Since their discovery in the late 1940s, F and F-like plasmids have been used as a prototype to study bacterial conjugation and were extensively investigated (20). In contrast, the conjugation systems of broad-host range plasmids such as IncN plasmids are still under studied and less understood. Previous studies have shown that although they share the same functional elements, the conjugal transfer systems and the genetic organization of tra genes in IncN plasmids are very different than the one in F plasmids (21). Considering the increasingly apparent diversity of various conjugation systems (22, 23) a better understanding of the regulation of different bacterial conjugation systems and their response to different environmental conditions is needed for a more complete understanding of general principles in conjugation biology and to fight the spread of antibiotic resistance and other malicious genes via conjugation.

pN3 (Accession NC_015599), a broad-host range IncN plasmid, 54,205 bp long, has a GC content of 51.1% and encodes 62 putative ORFs, including the tetA gene, conferring tetracycline resistance (24). Here, we sought to study the effect of outer space, microgravity, and additional key environmental cues on tra gene expression and bacterial conjugation using the plasmid pN3 as a model of a non-F conjugation plasmid.

RESULTS

Imaging pN3-mediated conjugation.

Bacterial conjugation is a contact-dependent process, which involves a conjugative pilus associated with a T4SS. Previous studies that have used electron microscopy imaging approaches were successful in characterizing the morphology of conjugation pili of plasmids belonging to different incompatibility groups. Here, to visually characterize the conjugation pili and cell-to-cell contact formation during conjugation of pN3 we have used an Escherichia coli K-12 “naked” strain ORN172 as a surrogate host. This strain was deleted from all genes encoding fimbriae (25) and was previously used for imaging of xenogeneic pili (26, 27). Using delicate, gain-less iridium coating and high-resolution scanning electron microscopy (SEM) (28, 29), we were able to image in E. coli ORN172 carrying pN3 both the conjugation pili (Fig. 1A to C; yellow arrows) and the conjugation bridges that were formed between mating cells (Fig. 1A and D; white arrows). Current conjugative models suggest that the conjugative pili are extended to capture another bacterium and, if successful, retract in order to bring the two interacting bacteria close together. This forms a stable cell-to-cell contact and facilitates the transfer of a plasmid copy to the recipient, which in turn becomes a transconjugant (8).

FIG 1.

Scanning EM imaging of pN3 conjugative pili and MPFs. E. coli K-12 ORN172 “naked” strain that does not express fimbriae harboring pN3 was grown on selective LB plates. Merlin scanning EM was used to image the cells following iridium coating. (A) Yellow arrows show the conjugative pili and white arrows indicate cell-to-cell contact points and the mating pair formation (MPFs). (B) The morphology of the conjugation pili that were expressed as 1 to 2 pili per cell is shown. (C) The ImageJ measurement tool was used to measure the length (mean 1.89 ± 1.2 μm) and the diameter (mean 14.85 ± 1.89 nm) of the pN3 conjugative pili. (D) An enlarged image of the conjugative bridge formed by two mating cells.

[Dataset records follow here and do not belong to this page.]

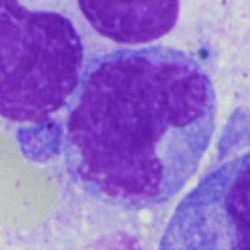Cell — monocyte.
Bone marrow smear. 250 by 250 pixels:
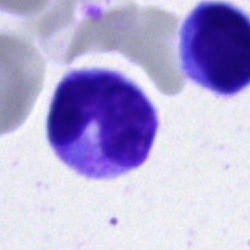 Specimen: bone marrow aspirate smear.
Classification: stab cell.
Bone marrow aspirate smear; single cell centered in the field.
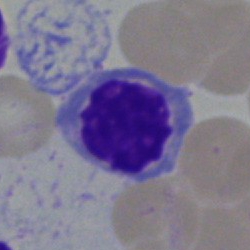
Cell type: erythroblast.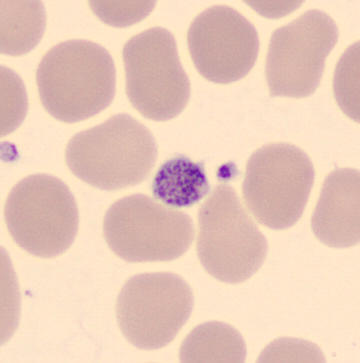 Peripheral blood film. MGG stain. 360×363 px.

Morphological class — platelet.
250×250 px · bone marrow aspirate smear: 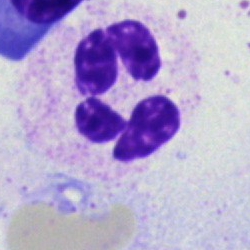
Q: Which cell type is shown here?
A: This is a segmented neutrophil.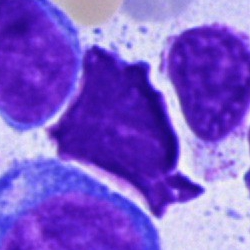
Q: What is shown here?
A: It is an artifact.
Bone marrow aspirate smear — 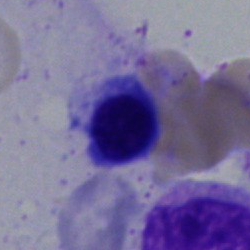Cell type = nucleated red blood cell.
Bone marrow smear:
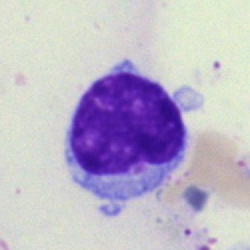

Morphology → typical lymphocyte.
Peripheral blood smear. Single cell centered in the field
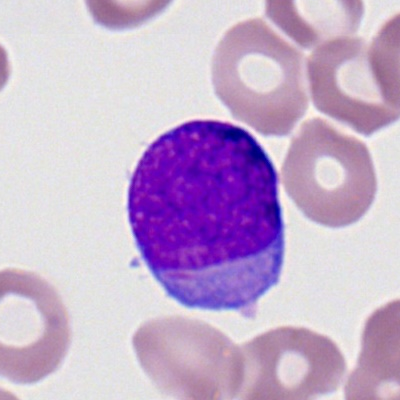 A myeloblast.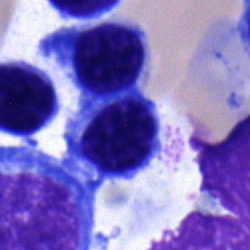 Morphology — nucleated red blood cell.
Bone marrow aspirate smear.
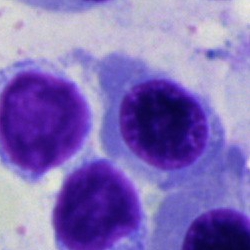Cell type — nucleated red blood cell.
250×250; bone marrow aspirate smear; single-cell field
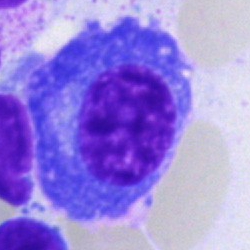This is a plasmacyte.
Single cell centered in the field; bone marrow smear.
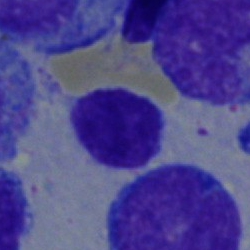
The cell shown is a lymphocyte.
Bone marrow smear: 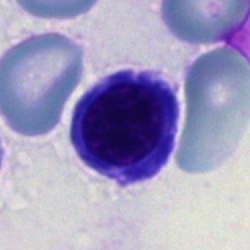Q: What cell is this?
A: It is a nucleated red blood cell.
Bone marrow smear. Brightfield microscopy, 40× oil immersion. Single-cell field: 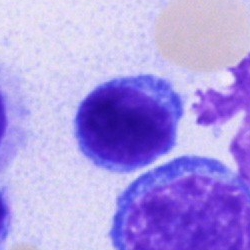
Cell: lymphocyte.
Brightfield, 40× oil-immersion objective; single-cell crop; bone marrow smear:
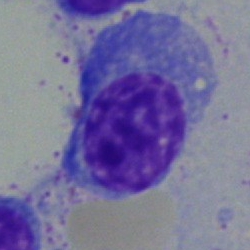

The cell type is plasmacyte.
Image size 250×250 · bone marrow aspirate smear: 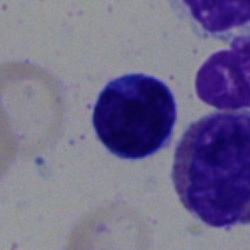 Lymphocyte.
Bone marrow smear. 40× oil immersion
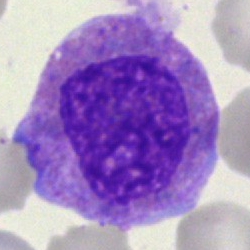{"cell_type": "eosinophilic granulocyte", "lineage": "myeloid"}
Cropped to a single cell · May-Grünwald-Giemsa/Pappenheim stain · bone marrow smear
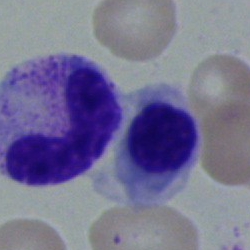
Classification — band neutrophil.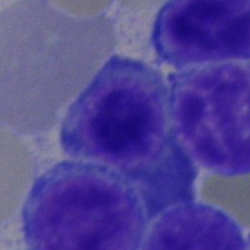

Impression → normoblast.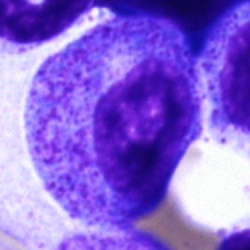Showing a progranulocyte.
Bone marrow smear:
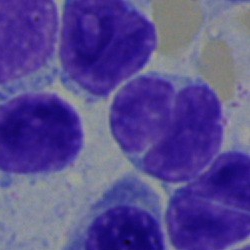Q: What is shown here?
A: It is a lymphocyte.
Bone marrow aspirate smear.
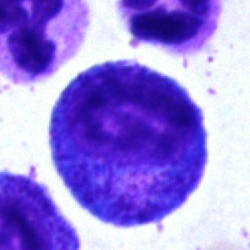A progranulocyte.
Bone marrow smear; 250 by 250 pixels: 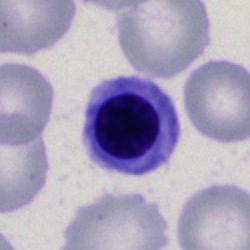

The morphological class is normoblast.
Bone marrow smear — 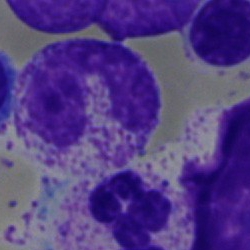 Specimen: bone marrow aspirate smear.
Classification: band-form neutrophil.
Lineage: myeloid.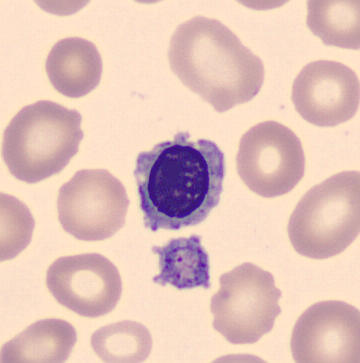Peripheral blood smear showing a normoblast.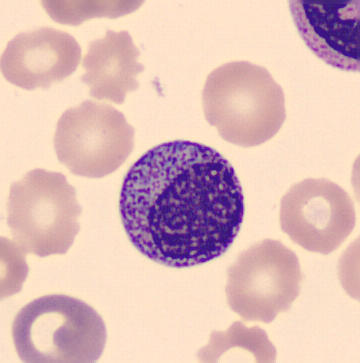 Q: Identify the cell.
A: This is a myelocyte. Image: Peripheral blood film.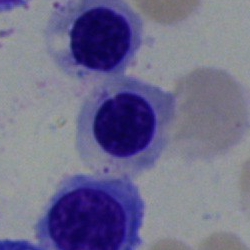
Showing an erythroblast.
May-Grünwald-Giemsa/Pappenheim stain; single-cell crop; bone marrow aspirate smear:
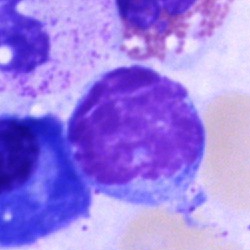

Cell — lymphocyte.
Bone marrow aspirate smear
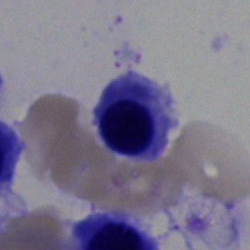

{"cell_type": "nucleated red cell"}
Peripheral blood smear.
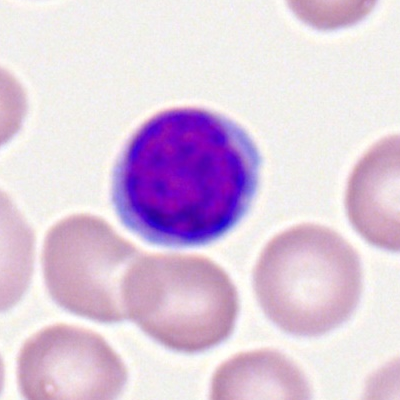

A lymphocyte.
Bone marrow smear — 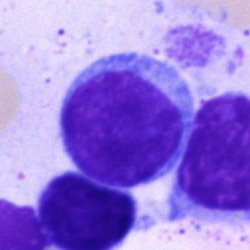{"cell_type": "lymphocyte"}
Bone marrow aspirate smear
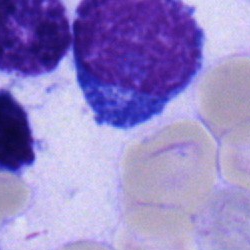
Morphology — proerythroblast.
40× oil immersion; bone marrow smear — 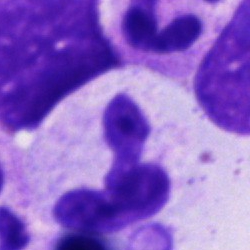
Morphological class: polymorphonuclear neutrophil.
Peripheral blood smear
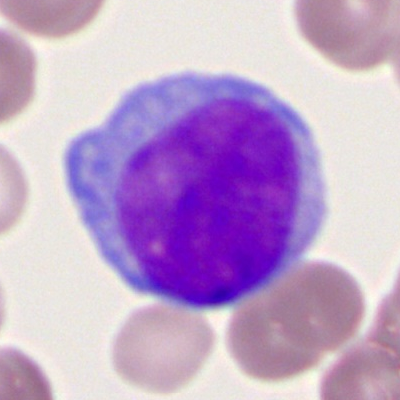Morphology — myeloid blast.

In agreement with this view, under our experimental conditions (transconjugants growing on LB agar plates at 37°C), we found 1–2 rigid conjugative pili per cell, that appear to be randomly arranged on the cell surface. These pili appeared shorter, thicker and more rigid than the flagella (Fig. S1) with a tubular structure of 1.89 ± 1.2 μm in length (n = 242) and 14.85 ± 1.89 nm in diameter (n = 71). Tight cellular junctions that were previously suggested to facilitate high efficiency mating pair formation (30) were imaged as cell-to-cell bridges of about 100 nm width (Fig. 1D). To the best of our knowledge, these are the first published EM images of an IncN plasmid mating pair formation and intact conjugative pili structures.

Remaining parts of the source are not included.